__What is needed__: Please copy out each entry, word for word.

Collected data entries
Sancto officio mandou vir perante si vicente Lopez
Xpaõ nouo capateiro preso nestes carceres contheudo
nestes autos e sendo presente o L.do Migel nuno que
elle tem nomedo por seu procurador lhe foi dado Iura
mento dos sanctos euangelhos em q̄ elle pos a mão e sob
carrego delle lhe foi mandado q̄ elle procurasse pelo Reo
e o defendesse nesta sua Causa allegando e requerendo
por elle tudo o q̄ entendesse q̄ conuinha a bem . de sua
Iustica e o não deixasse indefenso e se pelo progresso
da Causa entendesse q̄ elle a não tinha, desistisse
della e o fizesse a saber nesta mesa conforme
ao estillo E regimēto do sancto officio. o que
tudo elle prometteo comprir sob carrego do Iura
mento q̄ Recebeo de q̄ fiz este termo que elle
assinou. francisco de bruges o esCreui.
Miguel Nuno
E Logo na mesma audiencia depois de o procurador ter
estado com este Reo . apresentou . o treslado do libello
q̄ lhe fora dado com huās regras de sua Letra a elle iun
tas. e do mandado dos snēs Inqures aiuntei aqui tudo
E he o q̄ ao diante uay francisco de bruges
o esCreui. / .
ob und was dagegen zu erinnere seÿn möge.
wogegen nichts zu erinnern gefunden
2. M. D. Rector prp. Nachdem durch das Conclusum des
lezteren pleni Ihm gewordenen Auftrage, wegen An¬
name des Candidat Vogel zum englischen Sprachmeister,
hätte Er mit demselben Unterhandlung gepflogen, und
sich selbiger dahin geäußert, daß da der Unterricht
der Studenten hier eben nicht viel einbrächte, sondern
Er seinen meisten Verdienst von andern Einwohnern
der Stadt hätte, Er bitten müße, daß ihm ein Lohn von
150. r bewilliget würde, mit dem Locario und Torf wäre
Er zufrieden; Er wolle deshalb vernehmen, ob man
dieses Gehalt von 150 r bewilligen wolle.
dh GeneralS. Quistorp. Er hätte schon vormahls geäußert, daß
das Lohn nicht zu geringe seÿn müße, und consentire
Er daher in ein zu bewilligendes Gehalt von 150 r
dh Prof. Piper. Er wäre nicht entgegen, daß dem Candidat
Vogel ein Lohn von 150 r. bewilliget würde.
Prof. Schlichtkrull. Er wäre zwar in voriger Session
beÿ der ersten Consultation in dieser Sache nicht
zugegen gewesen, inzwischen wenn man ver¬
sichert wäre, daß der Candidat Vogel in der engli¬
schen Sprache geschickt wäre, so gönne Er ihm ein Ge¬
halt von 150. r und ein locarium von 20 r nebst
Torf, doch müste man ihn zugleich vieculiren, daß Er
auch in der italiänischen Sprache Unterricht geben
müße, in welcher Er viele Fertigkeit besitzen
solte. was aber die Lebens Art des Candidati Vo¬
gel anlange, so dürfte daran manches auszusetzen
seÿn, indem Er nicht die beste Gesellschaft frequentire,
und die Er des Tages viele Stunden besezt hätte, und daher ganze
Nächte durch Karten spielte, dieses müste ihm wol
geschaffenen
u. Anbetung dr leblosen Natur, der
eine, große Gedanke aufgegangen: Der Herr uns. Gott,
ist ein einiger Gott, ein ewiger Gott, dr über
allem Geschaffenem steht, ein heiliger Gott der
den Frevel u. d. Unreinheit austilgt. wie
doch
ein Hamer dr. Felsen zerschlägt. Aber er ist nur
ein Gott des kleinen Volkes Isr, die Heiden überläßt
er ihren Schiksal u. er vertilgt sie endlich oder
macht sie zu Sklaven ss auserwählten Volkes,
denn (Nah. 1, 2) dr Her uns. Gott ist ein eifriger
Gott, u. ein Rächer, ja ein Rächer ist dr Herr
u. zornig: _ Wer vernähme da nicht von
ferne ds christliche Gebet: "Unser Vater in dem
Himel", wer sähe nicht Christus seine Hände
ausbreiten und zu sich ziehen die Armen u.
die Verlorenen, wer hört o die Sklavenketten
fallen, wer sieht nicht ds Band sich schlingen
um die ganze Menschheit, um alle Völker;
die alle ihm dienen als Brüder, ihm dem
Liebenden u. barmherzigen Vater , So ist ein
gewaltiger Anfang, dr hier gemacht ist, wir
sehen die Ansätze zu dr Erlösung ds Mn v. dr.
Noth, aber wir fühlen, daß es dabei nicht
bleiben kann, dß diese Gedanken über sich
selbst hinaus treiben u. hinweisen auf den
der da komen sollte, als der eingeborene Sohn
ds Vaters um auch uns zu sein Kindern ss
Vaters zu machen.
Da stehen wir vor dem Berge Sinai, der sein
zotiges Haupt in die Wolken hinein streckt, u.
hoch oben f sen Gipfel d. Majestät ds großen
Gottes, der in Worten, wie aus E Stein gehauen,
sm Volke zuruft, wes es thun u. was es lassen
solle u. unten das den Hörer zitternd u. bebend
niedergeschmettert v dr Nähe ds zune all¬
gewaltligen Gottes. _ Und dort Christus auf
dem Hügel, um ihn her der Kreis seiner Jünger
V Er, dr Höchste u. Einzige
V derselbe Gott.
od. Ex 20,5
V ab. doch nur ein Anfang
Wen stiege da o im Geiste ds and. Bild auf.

__Your solution__:
Sancto officio mandou vir perante si vicente Lopez
Xpaõ nouo capateiro preso nestes carceres contheudo
nestes autos e sendo presente o L.do Migel nuno que
elle tem nomedo por seu procurador lhe foi dado Iura
mento dos sanctos euangelhos em q̄ elle pos a mão e sob
carrego delle lhe foi mandado q̄ elle procurasse pelo Reo
e o defendesse nesta sua Causa allegando e requerendo
por elle tudo o q̄ entendesse q̄ conuinha a bem . de sua
Iustica e o não deixasse indefenso e se pelo progresso
da Causa entendesse q̄ elle a não tinha, desistisse
della e o fizesse a saber nesta mesa conforme
ao estillo E regimēto do sancto officio. o que
tudo elle prometteo comprir sob carrego do Iura
mento q̄ Recebeo de q̄ fiz este termo que elle
assinou. francisco de bruges o esCreui.
Miguel Nuno
E Logo na mesma audiencia depois de o procurador ter
estado com este Reo . apresentou . o treslado do libello
q̄ lhe fora dado com huās regras de sua Letra a elle iun
tas. e do mandado dos snēs Inqures aiuntei aqui tudo
E he o q̄ ao diante uay francisco de bruges
o esCreui. / .
ob und was dagegen zu erinnere seÿn möge.
wogegen nichts zu erinnern gefunden
2. M. D. Rector prp. Nachdem durch das Conclusum des
lezteren pleni Ihm gewordenen Auftrage, wegen An¬
name des Candidat Vogel zum englischen Sprachmeister,
hätte Er mit demselben Unterhandlung gepflogen, und
sich selbiger dahin geäußert, daß da der Unterricht
der Studenten hier eben nicht viel einbrächte, sondern
Er seinen meisten Verdienst von andern Einwohnern
der Stadt hätte, Er bitten müße, daß ihm ein Lohn von
150. r bewilliget würde, mit dem Locario und Torf wäre
Er zufrieden; Er wolle deshalb vernehmen, ob man
dieses Gehalt von 150 r bewilligen wolle.
dh GeneralS. Quistorp. Er hätte schon vormahls geäußert, daß
das Lohn nicht zu geringe seÿn müße, und consentire
Er daher in ein zu bewilligendes Gehalt von 150 r
dh Prof. Piper. Er wäre nicht entgegen, daß dem Candidat
Vogel ein Lohn von 150 r. bewilliget würde.
Prof. Schlichtkrull. Er wäre zwar in voriger Session
beÿ der ersten Consultation in dieser Sache nicht
zugegen gewesen, inzwischen wenn man ver¬
sichert wäre, daß der Candidat Vogel in der engli¬
schen Sprache geschickt wäre, so gönne Er ihm ein Ge¬
halt von 150. r und ein locarium von 20 r nebst
Torf, doch müste man ihn zugleich vieculiren, daß Er
auch in der italiänischen Sprache Unterricht geben
müße, in welcher Er viele Fertigkeit besitzen
solte. was aber die Lebens Art des Candidati Vo¬
gel anlange, so dürfte daran manches auszusetzen
seÿn, indem Er nicht die beste Gesellschaft frequentire,
und die Er des Tages viele Stunden besezt hätte, und daher ganze
Nächte durch Karten spielte, dieses müste ihm wol
geschaffenen
u. Anbetung dr leblosen Natur, der
eine, große Gedanke aufgegangen: Der Herr uns. Gott,
ist ein einiger Gott, ein ewiger Gott, dr über
allem Geschaffenem steht, ein heiliger Gott der
den Frevel u. d. Unreinheit austilgt. wie
doch
ein Hamer dr. Felsen zerschlägt. Aber er ist nur
ein Gott des kleinen Volkes Isr, die Heiden überläßt
er ihren Schiksal u. er vertilgt sie endlich oder
macht sie zu Sklaven ss auserwählten Volkes,
denn (Nah. 1, 2) dr Her uns. Gott ist ein eifriger
Gott, u. ein Rächer, ja ein Rächer ist dr Herr
u. zornig: _ Wer vernähme da nicht von
ferne ds christliche Gebet: "Unser Vater in dem
Himel", wer sähe nicht Christus seine Hände
ausbreiten und zu sich ziehen die Armen u.
die Verlorenen, wer hört o die Sklavenketten
fallen, wer sieht nicht ds Band sich schlingen
um die ganze Menschheit, um alle Völker;
die alle ihm dienen als Brüder, ihm dem
Liebenden u. barmherzigen Vater , So ist ein
gewaltiger Anfang, dr hier gemacht ist, wir
sehen die Ansätze zu dr Erlösung ds Mn v. dr.
Noth, aber wir fühlen, daß es dabei nicht
bleiben kann, dß diese Gedanken über sich
selbst hinaus treiben u. hinweisen auf den
der da komen sollte, als der eingeborene Sohn
ds Vaters um auch uns zu sein Kindern ss
Vaters zu machen.
Da stehen wir vor dem Berge Sinai, der sein
zotiges Haupt in die Wolken hinein streckt, u.
hoch oben f sen Gipfel d. Majestät ds großen
Gottes, der in Worten, wie aus E Stein gehauen,
sm Volke zuruft, wes es thun u. was es lassen
solle u. unten das den Hörer zitternd u. bebend
niedergeschmettert v dr Nähe ds zune all¬
gewaltligen Gottes. _ Und dort Christus auf
dem Hügel, um ihn her der Kreis seiner Jünger
V Er, dr Höchste u. Einzige
V derselbe Gott.
od. Ex 20,5
V ab. doch nur ein Anfang
Wen stiege da o im Geiste ds and. Bild auf.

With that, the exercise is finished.